Kinnes emphasizes that the film is a passion project that he worked on during his hours out of his job as a professional film editor, with no intention or expectation of compensation. “Frank Ocean has had a huge impact on my life,” she says. And Ocean’s overall reaction chaotic cluster was disappointment (with his support sudden weekend 2 cancellation), Kinnes believes the performance is a brilliant “high-string play” and a piece of “performance art.” He made the concert movie for more people to witness and enjoy the show. on wednesday i Implied on Twitter it’s probably about hosting a face-to-face screening of your movie in New York.

And he has no resentment towards the R&B star. “I think if Frank had seen the video, he would have appreciated the way I captured the performance on a certain level,” says Kinnes. “I don’t think he’ll have a problem with it.”

Since posting the video, Kinnes has somehow become a micro-celebrity on the internet. Frank Ocean subredditWith over 377,000 community members. “I gained a ridiculous amount of Twitter followers. Maybe like 1,500 in the last six days,” he says. “This is too much for me.”

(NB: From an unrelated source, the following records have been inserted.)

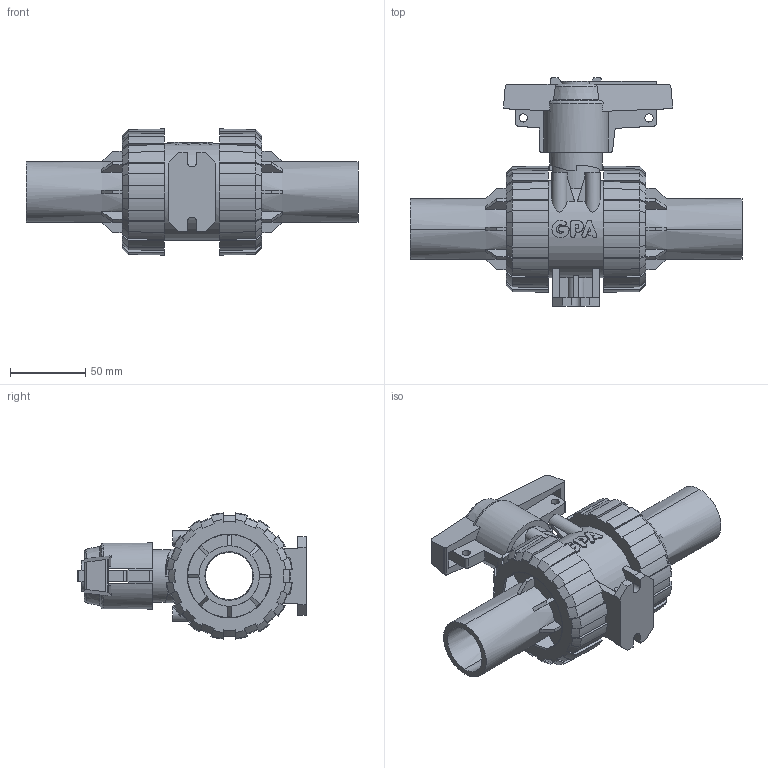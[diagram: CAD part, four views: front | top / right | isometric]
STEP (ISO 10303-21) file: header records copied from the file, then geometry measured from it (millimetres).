
FILE_DESCRIPTION(/* description */ ('PVC Ball Valve type M1 with EPDM gasket and long PE SDR11 spigots, Ø40/DN32 , PN10'),/* implementation_level */ '2;1');
FILE_NAME(/* name */ 'M1BEU-E-040',/* time_stamp */ '2021-11-25T13:21:37+01:00',/* author */ ('COAB Solutions'),/* organization */ ('GPA Flowsystem'),/* preprocessor_version */ 'ST-DEVELOPER v18.1',/* originating_system */ 'www.coabsolutions.com',/* authorisation */ 'unknown authorization');
FILE_SCHEMA (('AUTOMOTIVE_DESIGN { 1 0 10303 214 3 1 1 }'));
Length unit declared in the file: millimetre
Products named in the file (1): M1DU-E-040
Bounding box: 220 x 151.27 x 83.61 mm (x, y, z)
Volume: 525039.2 mm3; surface area: 133142.2 mm2
Topology: 1 solids, 1 shells, 524 faces, 1511 edges, 1003 vertices
Faces by surface type: plane 264, cone 156, cylinder 59, bspline 37, torus 8
Full cylindrical faces by diameter (mm): 5.5 x2, 10.1 x4, 32 x1, 35 x1, 55.6 x2, 64.2 x3
Entity records: 20244 total; most frequent: CARTESIAN_POINT 6961, ORIENTED_EDGE 3022, DIRECTION 2490, EDGE_CURVE 1511, VERTEX_POINT 1003, AXIS2_PLACEMENT_3D 913, LINE 664, VECTOR 664
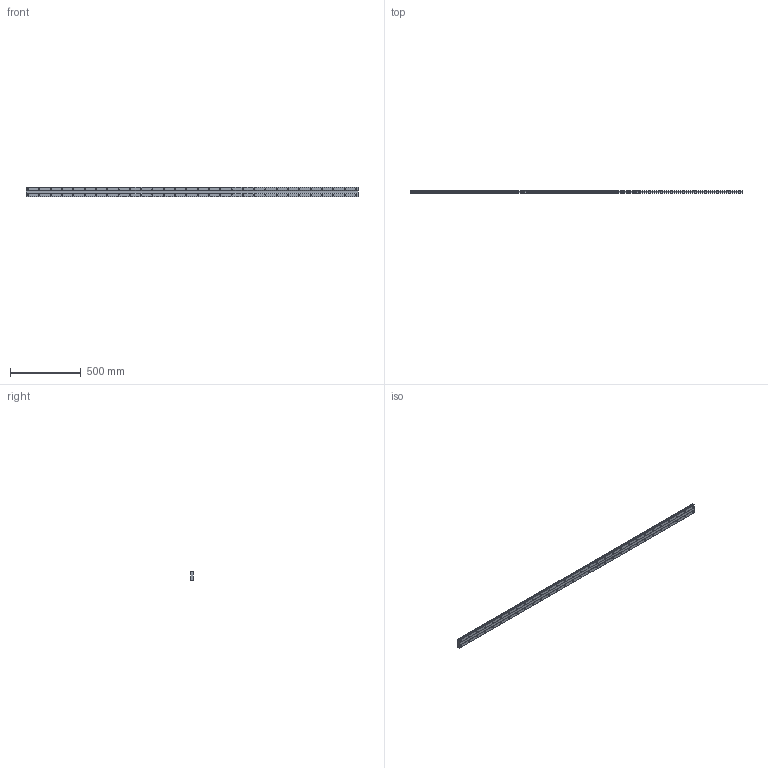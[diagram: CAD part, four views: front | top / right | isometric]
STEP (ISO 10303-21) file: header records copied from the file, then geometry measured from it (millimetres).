
FILE_DESCRIPTION (( 'STEP AP214' ), '1' );
FILE_NAME ('HRW35CA1SS-2350L_G15_0_B-M6F_1121-7_0_0_0_1.STEP', '2021-07-07T09:43:43', ( '' ), ( '' ), 'SwSTEP 2.0', 'SolidWorks 2021', '' );
FILE_SCHEMA (( 'AUTOMOTIVE_DESIGN' ));
Length unit declared in the file: millimetre
Products named in the file (2): HRW35CA1SS-2350L_G15_0_B-M6F_1121-7_0_0_0_1; _HRW35CA235015 Track
Assembly tree (1 placements, depth 2):
  HRW35CA1SS-2350L_G15_0_B-M6F_1121-7_0_0_0_1
    _HRW35CA235015 Track
Bounding box: 2350 x 19 x 69 mm (x, y, z)
Volume: 2741675.4 mm3; surface area: 458416 mm2
Topology: 1 solids, 1 shells, 332 faces, 810 edges, 540 vertices
Faces by surface type: cylinder 244, plane 88
Entity records: 10328 total; most frequent: DIRECTION 1970, CARTESIAN_POINT 1686, ORIENTED_EDGE 1620, AXIS2_PLACEMENT_3D 824, EDGE_CURVE 810, VERTEX_POINT 540, EDGE_LOOP 512, CIRCLE 488

Kinnes’ upcoming works include “Salamander Days” by Rebekah Sherman-Myntti and KJ Rothweiler, and “Messy” by Alexi Celine Wasser. He also recently edited Kit Zauhar’s “This Closeness,” which premiered on South by Southwest in March.

As for her legal status, Kinnes says, “I have to lean on a piece.” When asked what that means, he coolly adds, “It’s a totally weird situation: sitting in my one-bedroom apartment in Bushwick and being at war with a billion-dollar company.”

Representatives of AEG and Ocean did not respond. Variationcomment request.